Somewhere down the pipeline, if we’re buying all these mortgage-backed securities as part of this big quantitative easing large scale asset purchase program, you could impair mobility to the detriment of the long-term health of the economy. I lost that debate obviously, because we kept going with QE and MBS. And then in the second iteration of it, after the pandemic hit, of course, the Fed ended up buying a third of the mortgage-backed securities market and now everything’s come home to roost that we were concerned about. In data back to 1948, we have never seen mobility be this impaired.

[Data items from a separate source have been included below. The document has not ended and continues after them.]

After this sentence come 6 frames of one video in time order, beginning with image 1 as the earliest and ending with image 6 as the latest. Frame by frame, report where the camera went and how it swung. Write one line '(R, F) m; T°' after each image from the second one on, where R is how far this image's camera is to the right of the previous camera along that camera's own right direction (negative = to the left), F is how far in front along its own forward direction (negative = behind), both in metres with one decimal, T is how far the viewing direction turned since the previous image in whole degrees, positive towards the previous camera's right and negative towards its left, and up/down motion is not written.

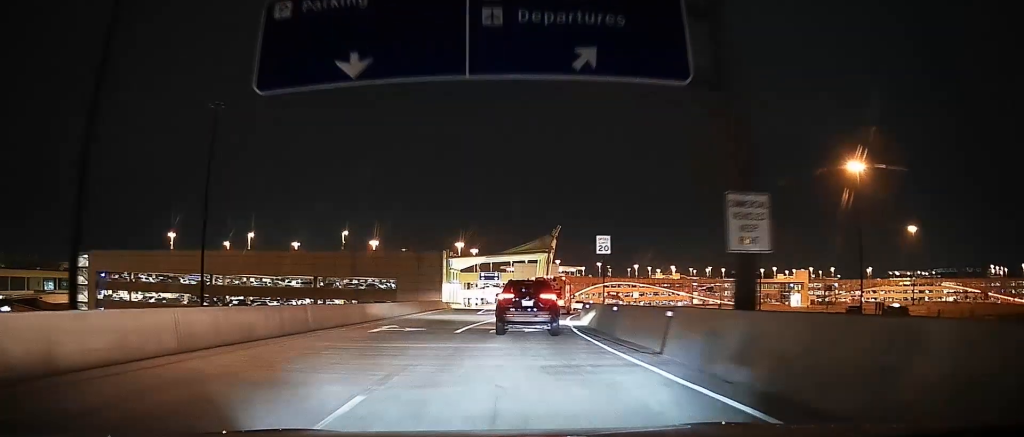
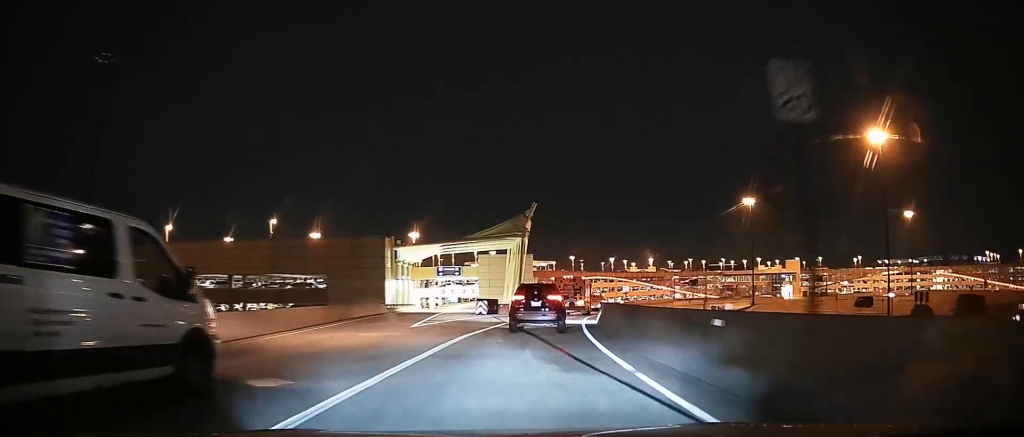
(+0.1, +16.1) m; +1°
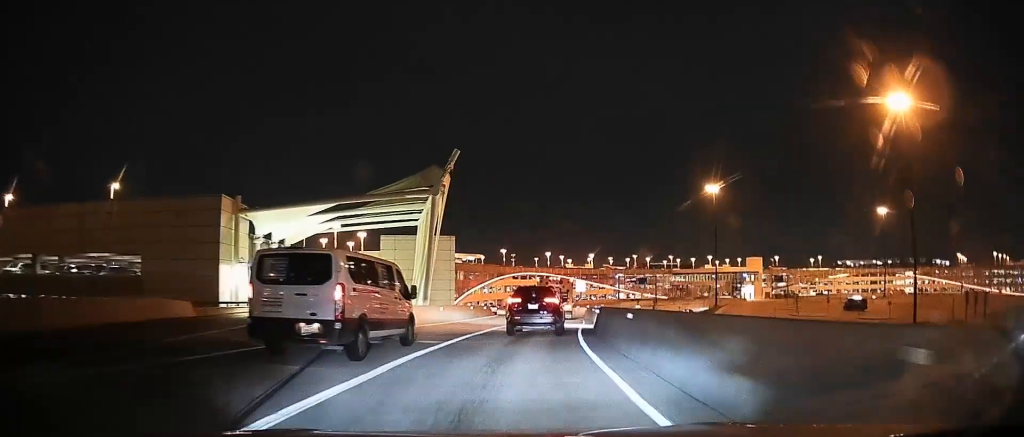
(+2.0, +23.3) m; +6°
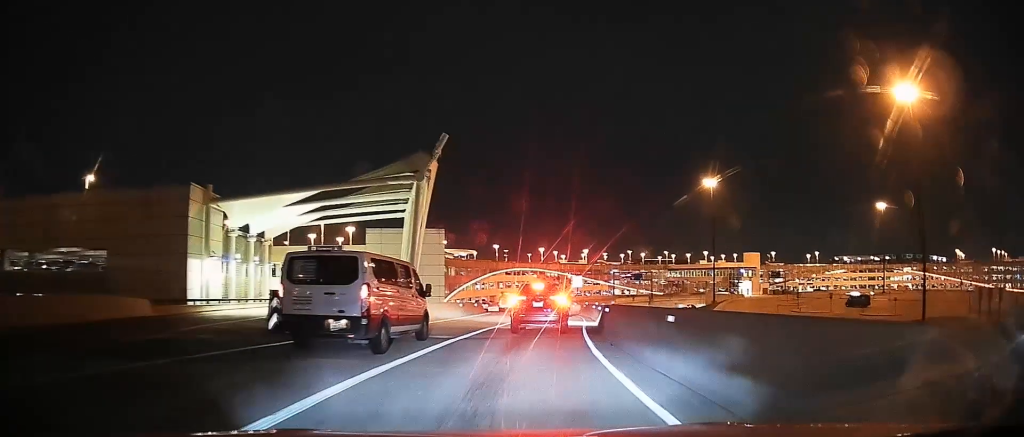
(-0.1, +3.3) m; +1°
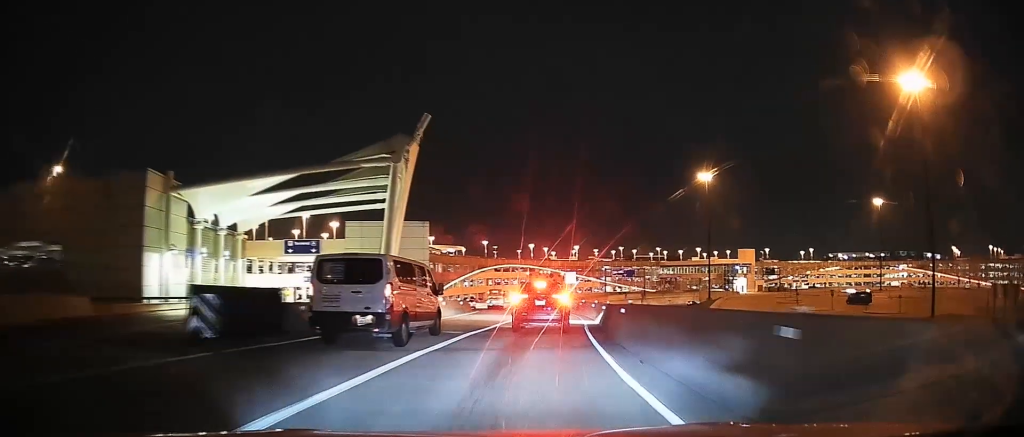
(-0.1, +3.9) m; +1°
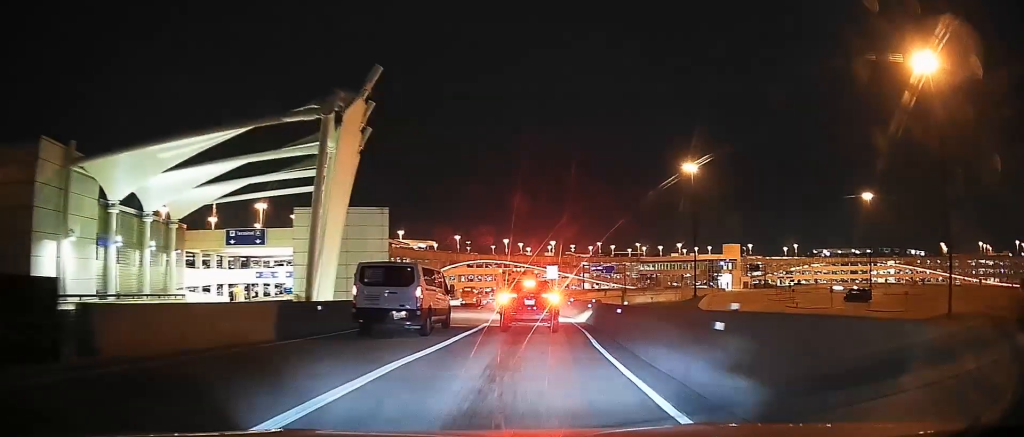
(+0.4, +8.1) m; +4°
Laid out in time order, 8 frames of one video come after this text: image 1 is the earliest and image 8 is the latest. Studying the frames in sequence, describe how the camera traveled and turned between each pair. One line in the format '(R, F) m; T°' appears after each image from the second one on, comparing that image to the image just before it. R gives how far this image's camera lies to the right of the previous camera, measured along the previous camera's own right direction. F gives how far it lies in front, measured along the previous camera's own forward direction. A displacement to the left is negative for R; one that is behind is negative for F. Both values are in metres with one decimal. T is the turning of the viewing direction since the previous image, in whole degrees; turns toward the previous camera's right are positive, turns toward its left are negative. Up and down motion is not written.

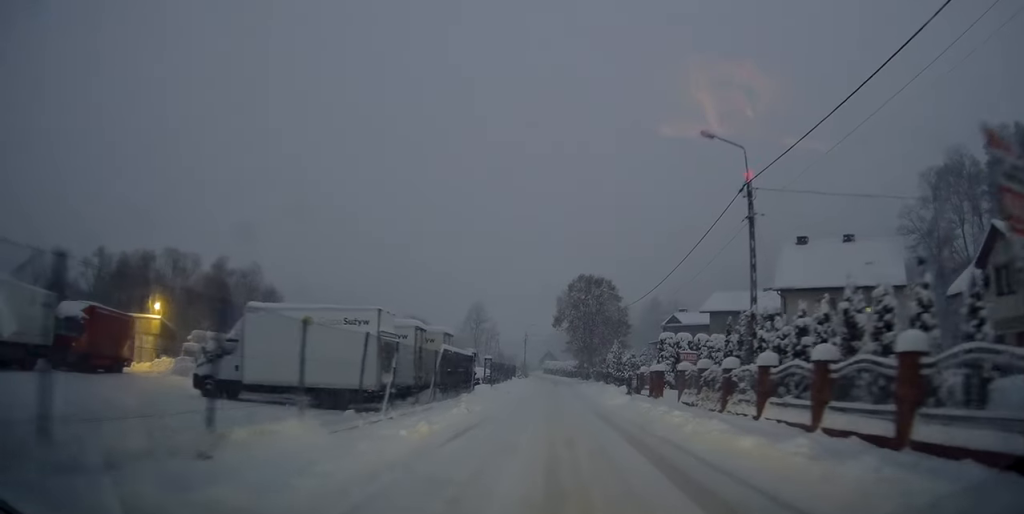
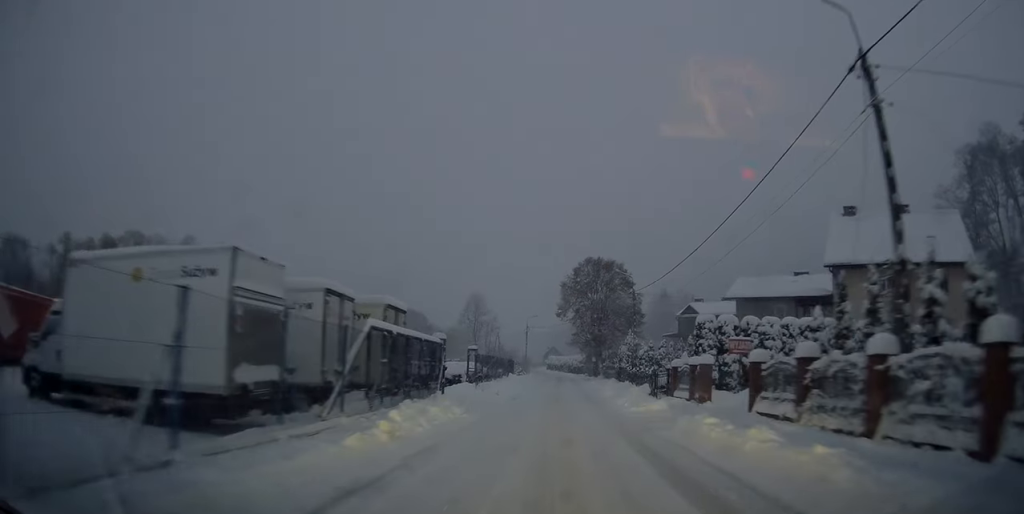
(-0.1, +8.6) m; -1°
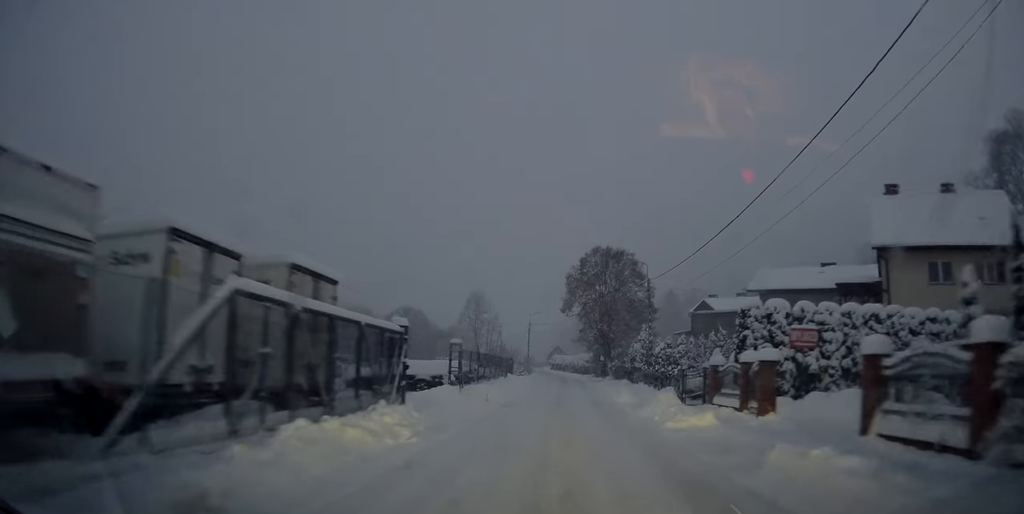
(0.0, +5.8) m; 0°
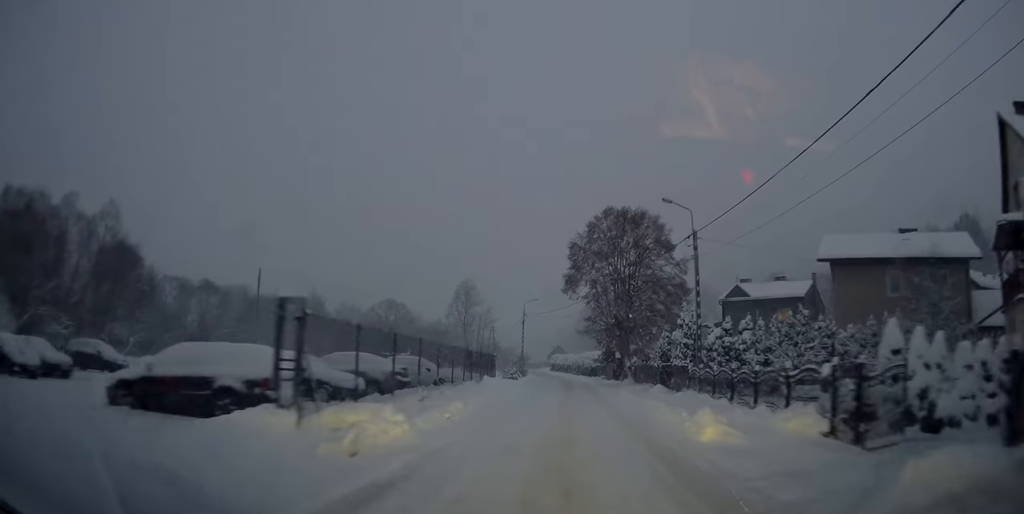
(-0.1, +15.0) m; 0°
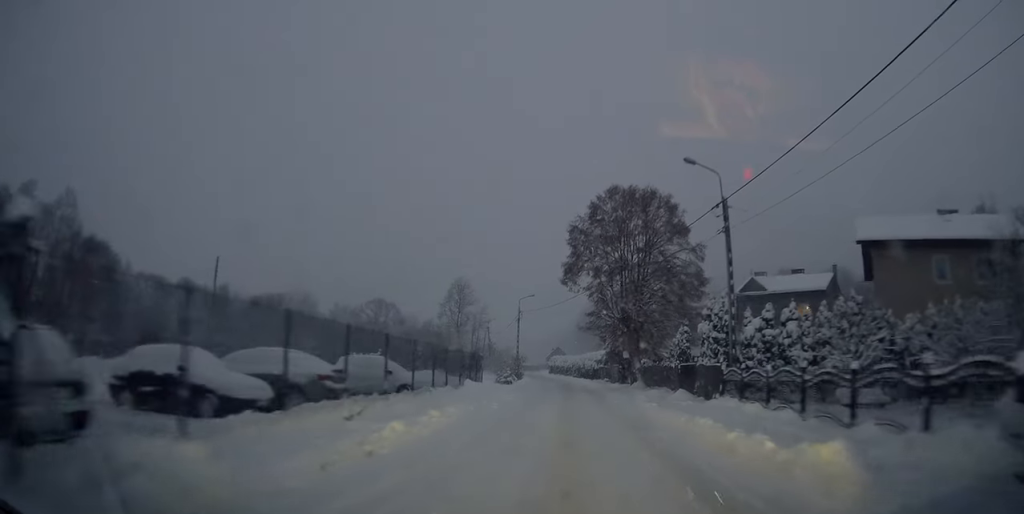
(+0.1, +5.8) m; +1°
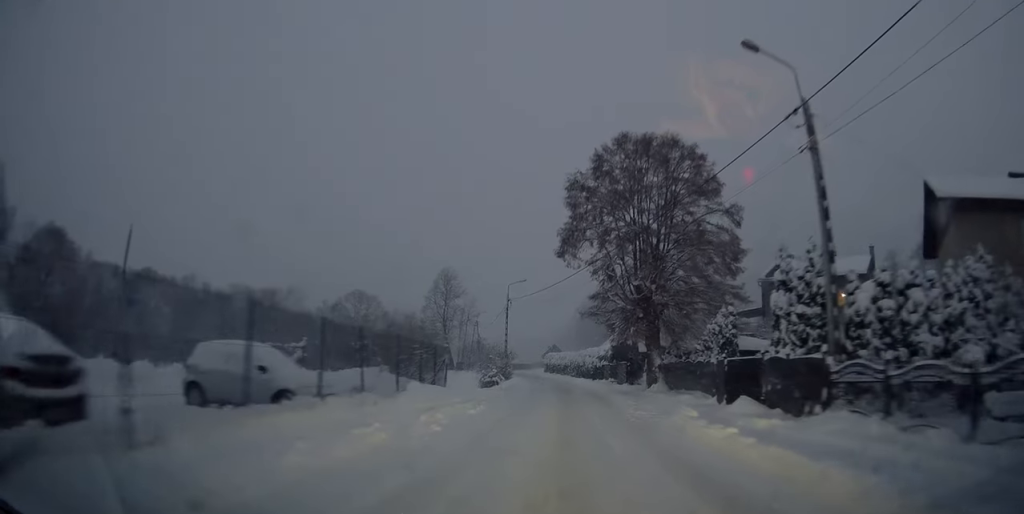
(+0.1, +8.9) m; 0°
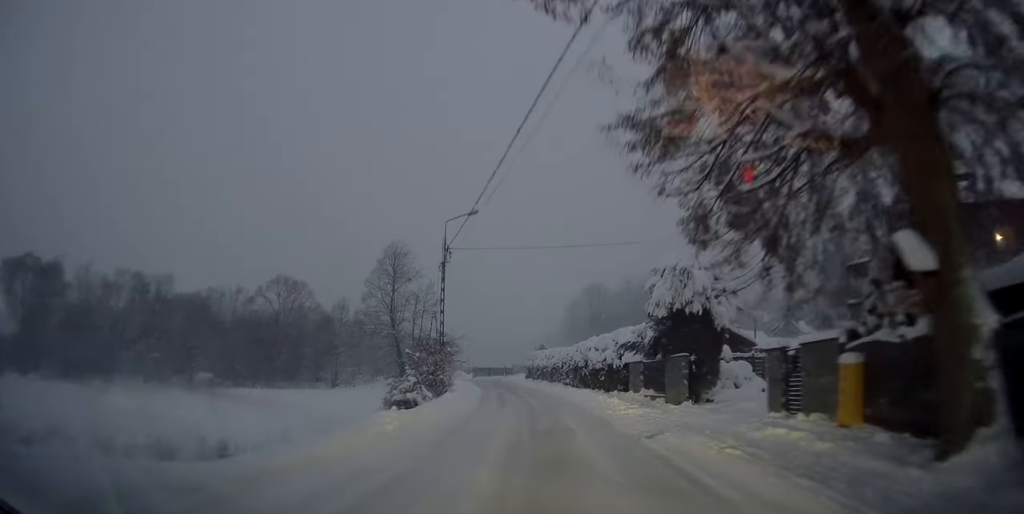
(-0.1, +23.5) m; -1°
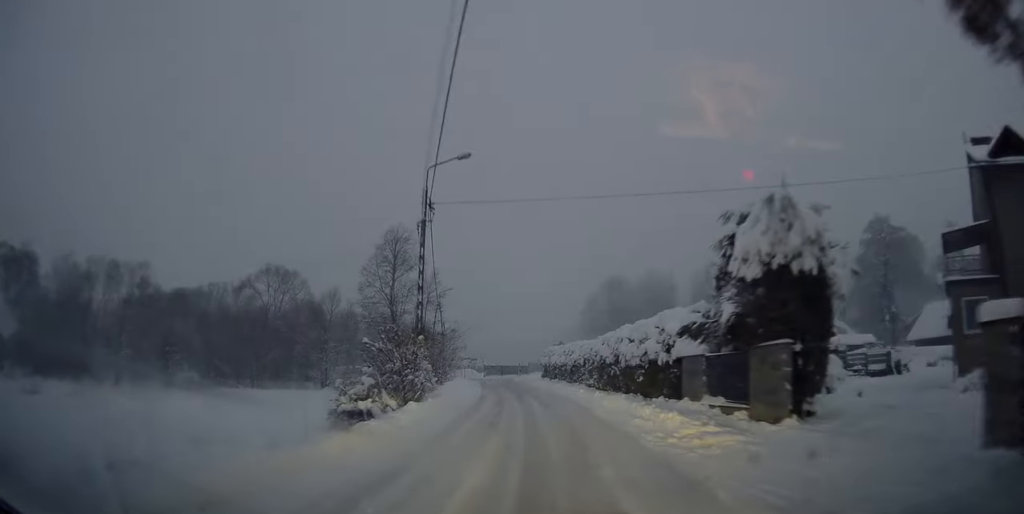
(+0.2, +7.7) m; -1°

Nobody wants to get rid of a two and a half percent 30-year fixed mortgage, and that is the end result of the Fed buying a third of the market, was they artificially repressed mortgage rates. These are the kinds of experiences that I had at the Federal Reserve, which were just fascinating and we’re seeing play out today. When Jerome Powell was first on the board, I was very of the same mind that he was, that it would be very difficult to extricate from blowing up the balance sheet when the time came and that you could cause serious problems and oh, I don’t know, the entire credit market.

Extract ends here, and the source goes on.